Sunday, August 14, 2016

That Sinking Feeling

CNBC just released its list of top 20 U.S. cities in the U.S. in which to start a business.  I search high and low, looked under the table and behind the cabinets.  I looked far and wide and checked the list numerous times and Chicago was not on it.  Of the 20 cities, 6 were in Texas.   Des Moines, Iowa made the list.  The Second City, City of the Big Shoulders, Hog Butcher for the World, home of the 3rd busiest airport in America, two major world class universities, centrally located, with a magnificent lakefront was nowhere to be found.

Chicago and Illinois are dying and unless something dramatic happens soon, Chicago will become the next Detroit and the rest of Illinois will come tumbling down with it.  At every level….city, county, and state, the can kicked down the road is out of road.

A couple of years ago, I attended a general business roundtable of about 20 professionals in Chicago and the topic was the business climate in Chicago and Illinois.  When it came for my turn to speak, I simply asked the question, “If your child had job skill that would enable them to work anywhere they wanted, and you wanted them to have a happy and prosperous future, would you advise him or her to stay in Illinois?”  The question just elicited guffaws.  I followed up and asked, “Where would you advise them to go?”  The answer was unanimous---Texas.  It is not surprising that the CNBC list bears out what we have known for a long time.

Just the other night, another professional confided in me, “I really do not want to leave Chicago.  But I feel I am being forced out.”

At every turn and at every level, politicians are grabbing for dollars.  Toni Preckwinkle, President of the Cook County Board (after vowing not to) raised the state sales tax.  Cook county not only raised property tax rates but increased assessments.  Rahm Emmanuel is trying to get through a utility tax increase.  Mike Madigan is in a death match with Bruce Rauner in his attempt to raise taxes once again while Rauner is demanding systemic reforms.  Meanwhile, the state is buried under a mountain of unpaid bills and social services are being strangled.  The city, state and public school system bond rating are rated junk.  The state became a national joke when lottery winners were forced to sue to collect.  Let that sink in for a minute.

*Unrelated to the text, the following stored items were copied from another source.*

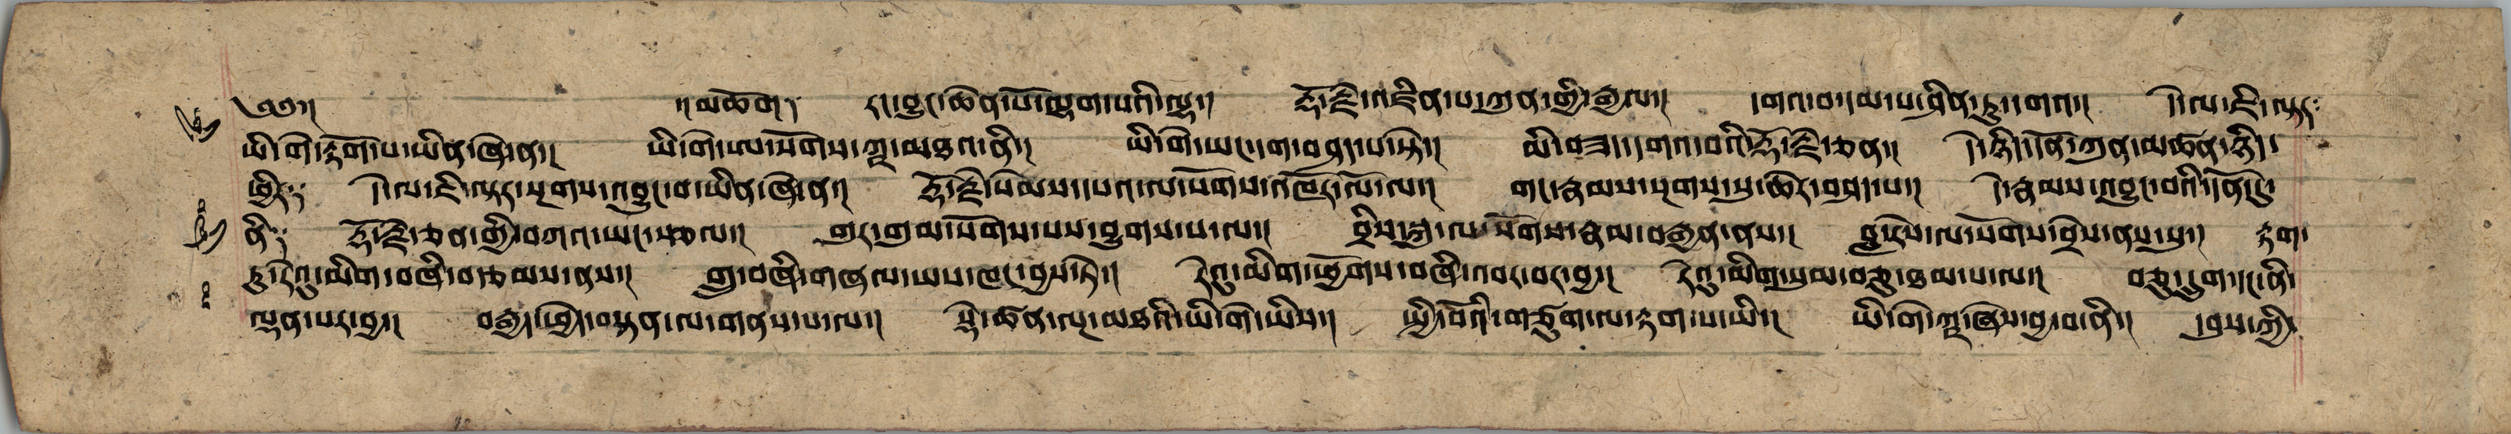༄༅་། ་།མཆོག། རང་བྱུང་ཆེན་པོ་ལྷག་པའི་ལྷ་། རྡོ་རྗེ་འཛིན་པ་ཀུན་གྱི་རྒྱལ་། དགའ་བ་དམ་པ་ཤིན་ཏུ་དགའ་། དེ་ལ་ཇི་ལྟར་
ཡི་གེ་རྟོག་པ་ཡིན་ཞེ་ན་། ཡི་གེ་ཨ་སོགས་ཀྵ་མཐའ་ནི་། ཡི་གེ་ཡང་དག་བཤད་པ་སྟེ་། མི་བཟད་དགའ་བའི་རྡོ་རྗེ་ཅན་། དེ་ཉིད་དོན་ཀུན་མཚན་ཉིད་
ཕྱིར༑ དེ་ལ་ཇིལྟར་སྔགས་འབྱུང་བ་ཡིན་ཞེ་ན་། རྡོ་རྗེ་སེམས་དཔའ་ལ་སོགས་འཁོར་ལོ་ལ་། གང་རྣམས་སྔགས་སུ་ཆེར་བཤད་པ་། དེ་རྣམས་འབྱུང་བའི་དོན་དུ་
ནི༑ རྡོ་རྗེ་ཅན་གྱི་བཀའ་ཡང་སྩལ་། གུར་གུམ་སོགས་པས་བྱུགས་པ་ལ་། བྲིས་སྐུ་ལ་སོགས་རྣམ་བརྒྱན་ནས་། བླ་རེས་ལ་སོགས་བྲེས་ནས་སུ་། རྟག་
ཏུ་རེའུ་མིག་བཞི་བརྩམས་ནས་། གྲུ་བཞི་གཞལ་ཡས་ཁང་བྱས་ཏེ་། རེའུ་མིག་ཕྱོགས་བཞི་འབར་བར་བྱ་། རེའུ་མིག་སུམ་བཅུ་ཐམ་པ་ལ་། བཅུ་དྲུག་དང་ནི་
ལྡན་པར་བྱ་། བརྒྱད་ཕྱེད་བསྟན་ལ་གནས་པ་ལ་། སྡེ་ཚན་ལྔ་མཐའི་ཡི་གེ་ཡིས་། སྤྱི་བོའི་གཙུག་ལ་རྟག་པ་ཡི་། ཡི་གེ་ཀྵ་ཞེས་བྱ་བ་ནི་། དབུས་ཀྱི་

Why would you start a business here?

Or relocate here?                 
          
Or raise your children here?

GE took one look at Chicago as a potential home for its headquarters and quickly said, “Thank you, very much.  We’ll pass.”
Over the past few months, the news has gotten even more disturbing.  The Chicago Tribune published an article a few months ago that showed that working class, professional class, and entrepreneurial class African Americans are fleeing Illinois for the South.  The Illinois Policy Institute (illinoispolicy.org) recently posted statistics that showed that millennials are also fleeing the state.  If black and young people are fleeing, who will be left?  These are groups that are needed here to be the backbone of the city and state over the next decade. 

Yet, the politicians, Mike Madigan in particular, refuse to budge.  And the Democratic appointed judges resist ANY attempts to solve the problem.

The great economist Herbert Stein came up with something called Stein’s Law, which states: “If something cannot go on forever, it will stop.”

If there is any chance of halting the bleed out from Illinois, the elephant in the room needs to be confronted.   There is no solving the problem without dealing with the pension issue.  The pension issue is also driving the debt rating issue and it is getting bigger by the day. 

Most troubling was the issue raised by last week’s Crain’s Chicago Business. The financial crisis is so bad that it is pinching higher education.   Universities are struggling to attract and retain quality faculty and other universities are poaching our schools.    Faculty are leaving this great city because they are not sure they can get paid.

Education is about the future.  Pension payments are about the past.  Illinois is robbing from the future because they overcompensated workers in the past.   Young people know it and that is why, despite a tremendous geographic advantage, you would have to have a mental disorder to start a business in Chicago now. 

And when you add the violence on top of the dire fiscal situation, you can see why I believe the slide will accelerate as long as Mike Madigan remains in office.  And he is just hanging on until Dick Durbin and eventually, his daughter Lisa can get elected. 
I have spent a good portion of my professional career dealing with distressed entities.  In 100% of the cases, unless the entity makes fundamental, structural changes, it is doomed.  Mike Madigan and John Cullerton continue to pretend that we can fix these things with more tax increases.  It’s just not there.  People and businesses are voting with their feet.  Illinois and Chicago need to make dramatic changes now if there is any hope of reversing the slide and avoiding Detroit’s fate.  Once people leave and build a life elsewhere, they will not be coming back. 

This was a once great city and a great state.  It has been my home for my entire life and my family dates back to the Chicago Fire in this town.  But the fiscal catastrophe and the violence are making it harder and harder to stay and I can no longer tell young people that this is a great place to build a future.


Illinois is on a top 20 list, but it is is a list of deadbeat governmental units.